Confirmation of my Bipolar 1 diagnosis was one of those truths for me. For several years after my first episodes of illness, we didn’t know whether we were dealing with Postnatal Psychosis or Bipolar Disorder. In my mind one was transient, the other a life sentence. Each time I’d press my psychiatrist for a definitive diagnosis he’d say:

‘We’ll have to wait three to five years to see if you have another episode.’

This answer frustrated me immensely. I wanted to put the whole experience of being mentally ill behind me.

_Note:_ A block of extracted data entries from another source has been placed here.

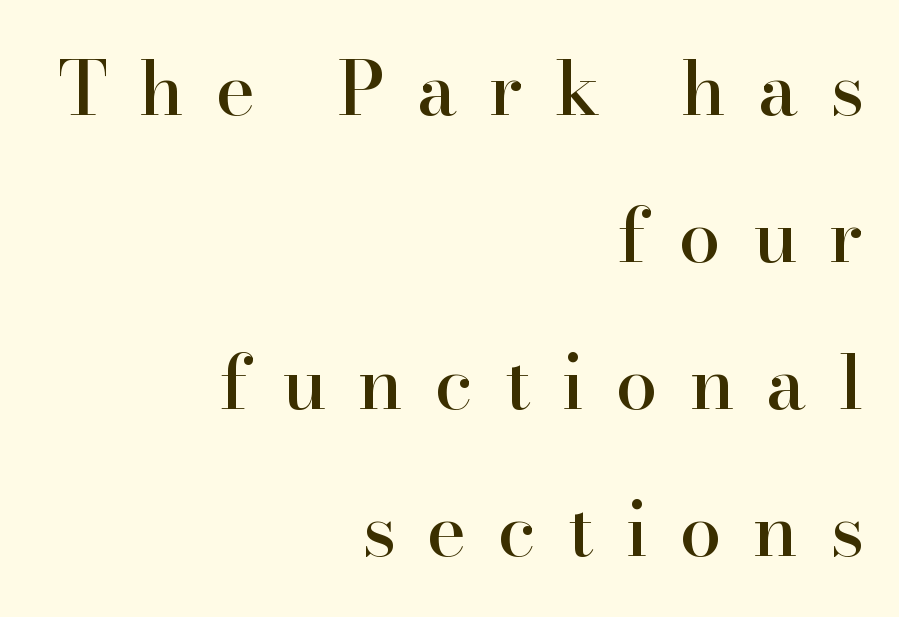
Q: Is the text italic (slanted)? A: No, it is upright.
Q: Is the typeface a serif or a sans-serif typeface? A: Serif.
Q: Is the text underlined? A: No.
Q: How is the paragraph aligned? A: Right-aligned.
Q: Is the spacing between letters normal or unusually wide? A: Unusually wide.
Q: Is the spacing between lines tight, normal or loose? A: Loose.
Q: Width (condensed, normal, or wide)? A: Normal.
Q: Stroke contrast? A: High.
Q: x-height? A: Small.
Q: Monospaced? A: No.

When my second baby was six weeks old I got my answer. My sanity drowned in psychosis and mania again. With my memory and concentration in shreds, I used brightly coloured post it notes stuck all over my hospital room to remind me of random things.

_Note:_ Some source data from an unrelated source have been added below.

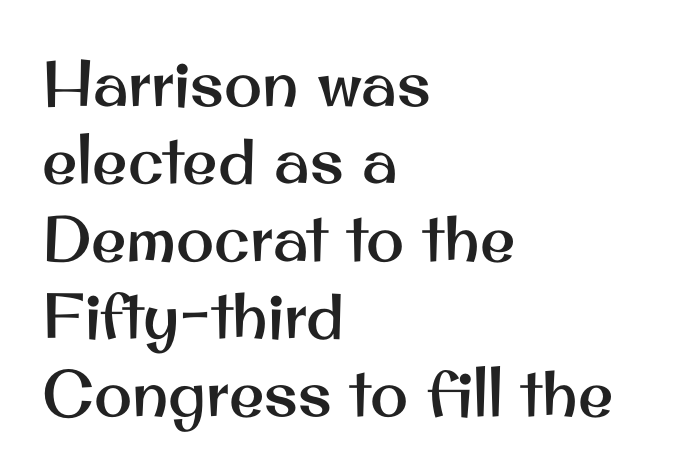
Q: Is the text italic (slanted)? A: No, it is upright.
Q: Is the typeface a serif or a sans-serif typeface? A: Sans-serif.
Q: Is the text underlined? A: No.
Q: How is the paragraph aligned? A: Left-aligned.
Q: Is the spacing between letters normal or unusually wide? A: Normal.
Q: Width (condensed, normal, or wide)? A: Normal.
Q: Stroke contrast? A: Medium.
Q: x-height? A: Small.
Q: Monospaced? A: No.

The state of my room mirrored the inside of my head. A chaotic, technicolour blur. Each day my psychiatrist stood in the doorway to my room surveying the mess as he assessed me. One morning I looked up at him and asked:

‘Postnatal Psychosis or Bipolar?’

He didn’t hesitate:

‘Bipolar. Definitely Bipolar.’

The room spun. The words ‘I will never get better.’ flashed in front of me.

I did get better eventually. And with the bettering came the bargaining:

‘If I don’t have any more babies, I won’t get sick again.’

And then I got sick again, without a baby. I felt as though the universe had reneged on our bargain. Of course, there was no bargain. I got sick again and again, and I had a choice to make: Find a degree of acceptance or let my anger and resentment at being landed with this illness poison even the times when the illness wasn’t symptomatic.

Acceptance has taken years. At times I have wished I could exchange this illness for one with sharper borders. I’ve learnt to give myself a tantrum allowance. I get to have one every now and then, but any more is just a waste of precious energy.

Even amid acceptance there are jagged points I could get snagged on. There’s the medications, mouthfuls of them twice a day. There’s the loss of employment every time I get sick, because I am unable to say when I will be well again. There’s never knowing when I’ll get sick. I’ve learnt this illness has no respect for birthdays, holidays, anniversaries, or eagerly anticipated trips to Paris.

I tend towards cynicism, so the idea of gratitude, particularly if it’s hash tagged and accompanied by an image of angelic looking children or a green smoothie, stimulates my gag reflex. But I do occasionally practice it to counter those jagged points:

My medication keeps me stable and we can afford it. I’ve regained work every time I’ve lost it, and we don’t depend on my wage for survival. Paris isn’t going anywhere. And as for the unpredictable nature of the illness: Everyone’s life is unpredictable.

In the sick times it still makes no sense. When I am in the thick of mania, and my thoughts race and crash into each other, like toddlers in dodgem cars. When psychosis takes hold, and all sense departs to make room for horror. Or when I can barely drag the breath into my lungs during rebound depression, I can’t find meaning in any of that.

But the well times are different. Because the sick times make so little sense, the well times now make more.  I don’t take being home with my family for granted. I celebrate life when I am well because I can, not because of the date.  I nourish, weed and appreciate the garden of my life when I’m healthy, so that when I drop off the edge in sickness, I know it won’t die.

I am reluctant to lean too heavily on the ‘What doesn’t kill us makes us stronger.’ cliché, because during adversity I often feel like giving the opportunity for growth that accompanies said adversity the finger. However, once the acute crisis passes I do find comfort in the last lines of The Holy Longing, one of my favourite poems by Goethe:

‘…And so long as you haven’t experienced this: to die and so to grow,

you are only a troubled guest on the dark earth.’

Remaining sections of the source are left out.